# ASSIGNMENT
Which lines in the data contain the word "normal"? Please copy each of them.

# DATA FOR THIS TASK
=-=-=-=-=

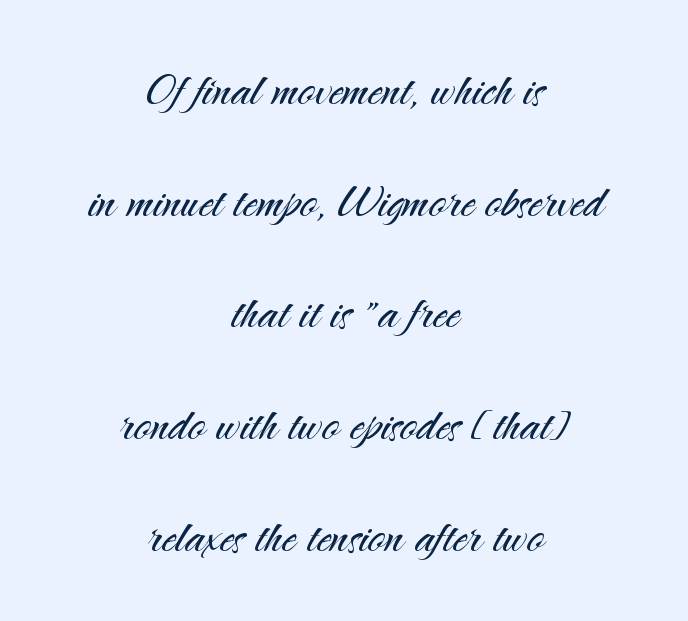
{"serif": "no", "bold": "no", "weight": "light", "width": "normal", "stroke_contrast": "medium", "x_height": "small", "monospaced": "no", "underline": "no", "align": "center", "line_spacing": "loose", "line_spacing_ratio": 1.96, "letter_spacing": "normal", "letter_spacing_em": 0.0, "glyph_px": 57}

=-=-=-=-=

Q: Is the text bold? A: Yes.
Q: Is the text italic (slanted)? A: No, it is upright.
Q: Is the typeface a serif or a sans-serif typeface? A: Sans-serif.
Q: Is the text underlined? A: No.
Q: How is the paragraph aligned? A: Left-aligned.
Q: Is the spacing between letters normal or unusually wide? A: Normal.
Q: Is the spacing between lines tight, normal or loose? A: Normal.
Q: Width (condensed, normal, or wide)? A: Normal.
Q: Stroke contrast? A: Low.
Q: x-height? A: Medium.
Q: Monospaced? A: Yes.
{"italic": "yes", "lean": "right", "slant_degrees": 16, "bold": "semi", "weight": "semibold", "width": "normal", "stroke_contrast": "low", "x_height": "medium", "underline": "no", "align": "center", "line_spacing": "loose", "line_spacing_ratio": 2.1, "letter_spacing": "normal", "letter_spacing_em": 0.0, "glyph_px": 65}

=-=-=-=-=

# RESPONSE TO THIS TASK
{"serif": "no", "bold": "no", "weight": "light", "width": "normal", "stroke_contrast": "medium", "x_height": "small", "monospaced": "no", "underline": "no", "align": "center", "line_spacing": "loose", "line_spacing_ratio": 1.96, "letter_spacing": "normal", "letter_spacing_em": 0.0, "glyph_px": 57}
Q: Is the spacing between letters normal or unusually wide? A: Normal.
Q: Is the spacing between lines tight, normal or loose? A: Normal.
Q: Width (condensed, normal, or wide)? A: Normal.
{"italic": "yes", "lean": "right", "slant_degrees": 16, "bold": "semi", "weight": "semibold", "width": "normal", "stroke_contrast": "low", "x_height": "medium", "underline": "no", "align": "center", "line_spacing": "loose", "line_spacing_ratio": 2.1, "letter_spacing": "normal", "letter_spacing_em": 0.0, "glyph_px": 65}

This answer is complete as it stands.